Interpreting Test Results: beyond the numbers

"The test showed 150ms latency." Ok, but what does that mean? Is it good? Bad? Compared to what? Performance test numbers without context and interpretation are just digits. This article teaches how to extract real meaning from results.

Data isn't insight. Interpretation transforms data into knowledge.

The Problem with Raw Numbers

Numbers without context

Test result:
  - Latency p95: 250ms
  - Throughput: 1500 req/s
  - Error rate: 0.5%

Questions numbers don't answer:
  - Does this meet requirements?
  - Compared to baseline, did it improve or worsen?
  - Which endpoints contributed?
  - Was it stable or did it vary during the test?
  - Was the test environment representative?
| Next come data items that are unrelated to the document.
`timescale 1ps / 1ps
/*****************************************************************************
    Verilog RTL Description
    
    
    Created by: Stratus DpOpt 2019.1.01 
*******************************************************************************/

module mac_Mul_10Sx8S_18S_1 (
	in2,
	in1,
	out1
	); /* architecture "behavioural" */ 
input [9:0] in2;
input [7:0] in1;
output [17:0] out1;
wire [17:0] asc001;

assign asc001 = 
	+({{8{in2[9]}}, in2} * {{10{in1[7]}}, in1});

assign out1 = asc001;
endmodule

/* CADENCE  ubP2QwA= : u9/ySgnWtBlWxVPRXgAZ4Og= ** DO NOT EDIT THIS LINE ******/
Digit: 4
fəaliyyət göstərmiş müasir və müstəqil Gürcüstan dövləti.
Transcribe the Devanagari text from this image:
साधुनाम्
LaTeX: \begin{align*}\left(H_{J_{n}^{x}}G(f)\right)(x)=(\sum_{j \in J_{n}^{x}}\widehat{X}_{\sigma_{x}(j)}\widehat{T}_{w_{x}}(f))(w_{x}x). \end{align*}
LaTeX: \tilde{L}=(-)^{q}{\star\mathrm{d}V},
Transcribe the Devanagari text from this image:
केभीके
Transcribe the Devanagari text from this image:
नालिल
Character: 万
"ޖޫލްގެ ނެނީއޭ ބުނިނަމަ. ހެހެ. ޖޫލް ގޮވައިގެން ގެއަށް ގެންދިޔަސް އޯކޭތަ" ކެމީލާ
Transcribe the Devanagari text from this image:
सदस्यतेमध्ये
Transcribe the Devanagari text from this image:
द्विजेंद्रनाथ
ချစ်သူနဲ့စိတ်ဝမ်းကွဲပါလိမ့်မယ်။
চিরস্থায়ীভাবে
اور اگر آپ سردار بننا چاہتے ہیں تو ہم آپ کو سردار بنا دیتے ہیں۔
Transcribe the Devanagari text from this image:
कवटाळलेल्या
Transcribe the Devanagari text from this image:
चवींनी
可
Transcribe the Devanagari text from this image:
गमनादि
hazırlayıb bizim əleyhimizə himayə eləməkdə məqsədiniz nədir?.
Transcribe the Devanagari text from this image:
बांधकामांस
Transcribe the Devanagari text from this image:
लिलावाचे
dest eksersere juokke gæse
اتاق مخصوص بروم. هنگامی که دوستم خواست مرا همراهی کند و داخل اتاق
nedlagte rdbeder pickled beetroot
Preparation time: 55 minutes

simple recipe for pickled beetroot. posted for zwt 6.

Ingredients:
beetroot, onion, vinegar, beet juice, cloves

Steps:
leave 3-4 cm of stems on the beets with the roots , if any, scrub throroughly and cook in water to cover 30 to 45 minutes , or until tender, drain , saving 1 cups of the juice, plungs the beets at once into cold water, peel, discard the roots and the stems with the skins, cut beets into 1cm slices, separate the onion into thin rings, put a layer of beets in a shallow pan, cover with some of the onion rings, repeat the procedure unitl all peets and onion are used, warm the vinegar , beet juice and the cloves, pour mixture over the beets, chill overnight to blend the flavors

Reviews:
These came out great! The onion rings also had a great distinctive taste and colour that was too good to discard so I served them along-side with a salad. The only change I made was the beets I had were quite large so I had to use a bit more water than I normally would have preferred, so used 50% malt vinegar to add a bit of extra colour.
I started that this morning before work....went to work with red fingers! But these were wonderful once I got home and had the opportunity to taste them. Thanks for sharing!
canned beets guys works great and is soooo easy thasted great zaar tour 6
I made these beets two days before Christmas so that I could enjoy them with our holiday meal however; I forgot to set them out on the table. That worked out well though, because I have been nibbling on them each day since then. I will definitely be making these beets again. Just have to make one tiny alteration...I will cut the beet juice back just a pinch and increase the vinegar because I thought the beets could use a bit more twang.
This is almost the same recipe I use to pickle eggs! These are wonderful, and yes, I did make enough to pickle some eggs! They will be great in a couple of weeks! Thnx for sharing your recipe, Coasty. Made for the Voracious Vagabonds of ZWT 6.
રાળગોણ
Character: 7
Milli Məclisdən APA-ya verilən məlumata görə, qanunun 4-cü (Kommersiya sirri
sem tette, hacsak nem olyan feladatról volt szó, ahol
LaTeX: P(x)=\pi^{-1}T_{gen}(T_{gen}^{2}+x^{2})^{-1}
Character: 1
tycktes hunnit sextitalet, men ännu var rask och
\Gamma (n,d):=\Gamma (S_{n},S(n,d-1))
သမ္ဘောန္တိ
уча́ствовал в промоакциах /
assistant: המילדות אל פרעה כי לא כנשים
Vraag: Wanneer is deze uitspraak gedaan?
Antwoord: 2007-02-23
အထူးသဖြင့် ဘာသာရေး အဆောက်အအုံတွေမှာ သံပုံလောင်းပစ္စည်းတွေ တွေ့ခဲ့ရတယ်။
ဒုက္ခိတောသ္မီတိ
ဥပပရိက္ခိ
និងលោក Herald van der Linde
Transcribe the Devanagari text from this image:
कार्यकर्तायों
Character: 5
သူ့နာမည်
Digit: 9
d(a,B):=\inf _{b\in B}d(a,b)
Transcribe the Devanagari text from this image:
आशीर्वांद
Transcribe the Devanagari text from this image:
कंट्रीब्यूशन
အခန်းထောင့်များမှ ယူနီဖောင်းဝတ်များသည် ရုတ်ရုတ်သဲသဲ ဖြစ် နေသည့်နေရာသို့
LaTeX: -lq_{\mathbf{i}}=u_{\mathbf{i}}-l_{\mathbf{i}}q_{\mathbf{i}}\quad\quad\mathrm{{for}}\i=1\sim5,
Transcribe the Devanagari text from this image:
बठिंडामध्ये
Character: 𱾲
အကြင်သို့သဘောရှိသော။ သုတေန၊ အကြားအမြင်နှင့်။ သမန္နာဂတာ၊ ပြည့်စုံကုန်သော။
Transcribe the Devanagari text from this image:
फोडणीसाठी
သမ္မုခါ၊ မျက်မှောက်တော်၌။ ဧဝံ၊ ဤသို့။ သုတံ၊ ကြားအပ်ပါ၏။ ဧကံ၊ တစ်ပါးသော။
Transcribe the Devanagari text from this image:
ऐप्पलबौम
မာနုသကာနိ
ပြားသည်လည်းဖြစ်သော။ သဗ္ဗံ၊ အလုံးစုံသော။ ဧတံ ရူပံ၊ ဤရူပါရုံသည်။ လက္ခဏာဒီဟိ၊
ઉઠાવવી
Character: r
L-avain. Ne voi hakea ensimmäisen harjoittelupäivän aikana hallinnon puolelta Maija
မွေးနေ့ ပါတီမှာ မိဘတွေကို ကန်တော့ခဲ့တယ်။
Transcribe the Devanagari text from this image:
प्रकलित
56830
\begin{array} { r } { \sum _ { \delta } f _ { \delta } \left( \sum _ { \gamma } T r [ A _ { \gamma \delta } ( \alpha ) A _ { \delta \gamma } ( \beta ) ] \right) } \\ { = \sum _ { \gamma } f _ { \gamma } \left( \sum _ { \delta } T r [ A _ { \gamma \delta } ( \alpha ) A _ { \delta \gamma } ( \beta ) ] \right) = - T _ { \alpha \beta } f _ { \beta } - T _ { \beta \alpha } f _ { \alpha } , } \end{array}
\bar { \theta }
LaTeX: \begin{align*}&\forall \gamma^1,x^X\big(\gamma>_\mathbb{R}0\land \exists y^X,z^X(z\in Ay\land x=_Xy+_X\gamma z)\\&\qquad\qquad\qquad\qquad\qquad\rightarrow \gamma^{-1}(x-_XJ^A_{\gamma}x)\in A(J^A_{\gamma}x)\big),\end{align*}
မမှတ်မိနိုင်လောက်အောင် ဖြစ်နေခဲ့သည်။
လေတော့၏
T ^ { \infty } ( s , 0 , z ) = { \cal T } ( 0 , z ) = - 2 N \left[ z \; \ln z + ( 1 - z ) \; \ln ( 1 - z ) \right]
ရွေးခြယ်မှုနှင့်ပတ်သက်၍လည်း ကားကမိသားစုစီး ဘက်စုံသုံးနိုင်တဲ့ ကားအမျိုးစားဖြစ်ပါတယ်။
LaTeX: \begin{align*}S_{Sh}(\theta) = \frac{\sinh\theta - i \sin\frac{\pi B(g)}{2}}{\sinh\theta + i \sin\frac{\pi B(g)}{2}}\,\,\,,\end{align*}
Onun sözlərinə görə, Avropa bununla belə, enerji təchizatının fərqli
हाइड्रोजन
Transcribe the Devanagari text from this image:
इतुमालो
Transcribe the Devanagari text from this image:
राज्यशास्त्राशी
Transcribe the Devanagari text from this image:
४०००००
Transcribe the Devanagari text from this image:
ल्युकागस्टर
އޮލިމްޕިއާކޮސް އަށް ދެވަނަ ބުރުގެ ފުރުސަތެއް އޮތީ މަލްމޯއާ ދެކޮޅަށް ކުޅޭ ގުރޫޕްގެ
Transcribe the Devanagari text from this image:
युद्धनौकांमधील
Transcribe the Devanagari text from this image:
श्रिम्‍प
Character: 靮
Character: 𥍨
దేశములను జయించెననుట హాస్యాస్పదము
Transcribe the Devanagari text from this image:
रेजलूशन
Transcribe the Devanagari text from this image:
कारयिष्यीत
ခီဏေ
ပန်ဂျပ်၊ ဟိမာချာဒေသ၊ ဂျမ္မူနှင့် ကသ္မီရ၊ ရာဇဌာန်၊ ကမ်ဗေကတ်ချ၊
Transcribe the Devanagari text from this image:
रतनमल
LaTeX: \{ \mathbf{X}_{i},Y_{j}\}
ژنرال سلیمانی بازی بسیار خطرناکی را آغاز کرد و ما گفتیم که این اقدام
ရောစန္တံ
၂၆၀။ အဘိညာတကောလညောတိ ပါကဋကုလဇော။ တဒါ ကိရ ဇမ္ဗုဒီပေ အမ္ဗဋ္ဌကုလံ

The risk of superficial interpretation

Scenario:
  "Average latency: 100ms. Test passed!"

Reality:
  - p50: 50ms
  - p95: 200ms
  - p99: 2000ms
  - Max: 30s

Real conclusion:
  Average hides that 1% of users have
  terrible experience (>2s)

Interpretation Framework

1. Context first

Before looking at numbers, ask:
  - What was the test objective?
  - What load was applied vs expected?
  - What environment was used?
  - How long did it run?
  - Was there realistic data?

2. Comparison with baseline

Isolated result:
  p95 = 200ms

With baseline:
  Baseline: p95 = 180ms
  Test: p95 = 200ms
  Δ: +11%

Interpretation:
  11% regression - investigate or accept?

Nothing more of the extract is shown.